Copyright: © 2014 Xu H, et al. This is an open-access article distributed under the terms of the Creative Commons Attribution License, which permits unrestricted use, distribution, and reproduction in any medium, provided the original author and source are credited.

 

Abstract

Th17 and Th22 cells are thought to function as innate regulators of mucosal antimicrobial responses, tissue inflammation and mucosal integrity, yet their role in persistent SIV infection is still unclear. Here we compared Th17 and Th22 cells in their phenotype, effector/cytokine function, and frequency in blood and intestinal mucosal tissues, and correlate levels with mucosal damage in SIV-infected rhesus macaques.

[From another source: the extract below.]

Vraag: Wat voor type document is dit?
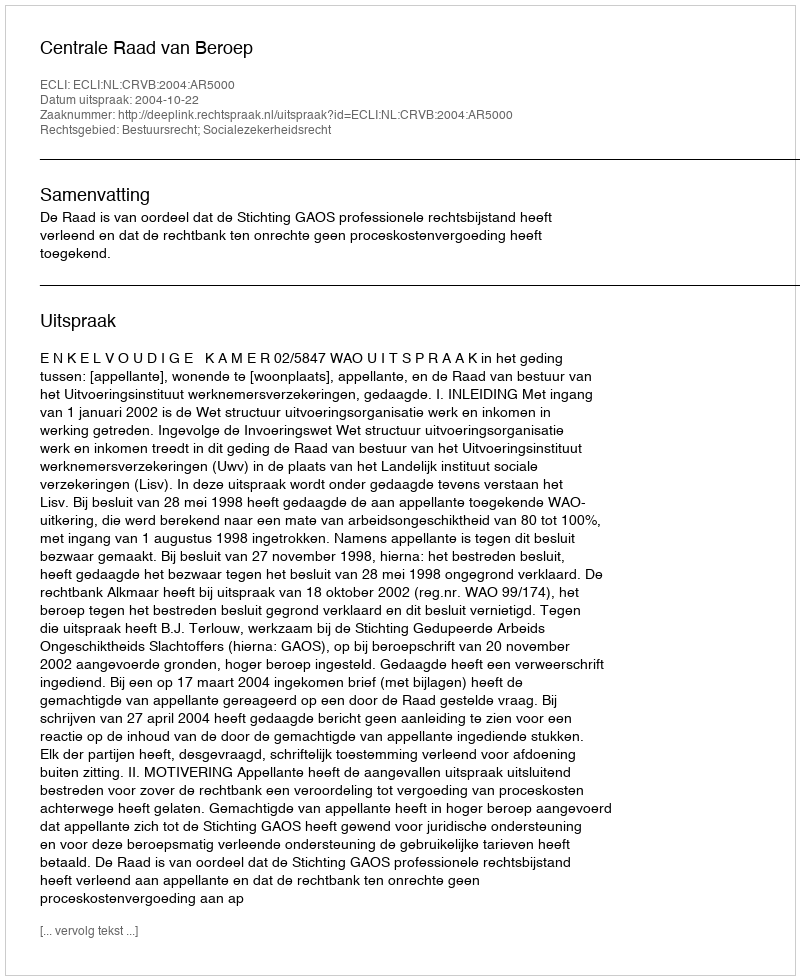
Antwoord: Uitspraak

We found that Th17/Th22 cells share similar features in that both highly produce TNF-α and IL-2 and express CCR5 in intestinal tissues; yet very few show cytotoxic functions, as evidenced by lack of IFN-γ and granzyme B production. Further, Th17/Th22 cells display distinct tissue-specific distributions. Both Th17 and Th22 cells and cytokine secretion were significantly depleted in both blood and intestine in chronically SIV-infected macaques. The frequency of Th17 and Th22 cells in the intestine positively correlated with percentages of intestinal CD4+ T cells and negatively with damage to intestinal mucosa, and plasma viral loads in SIV infection. These findings indicate Th17 and Th22 cells share considerable functions, and may coordinate in innate mucosal immune responses, and their regional loss in the intestine may be associated with local mucosal immune dysfunction in persistent HIV/SIV infection.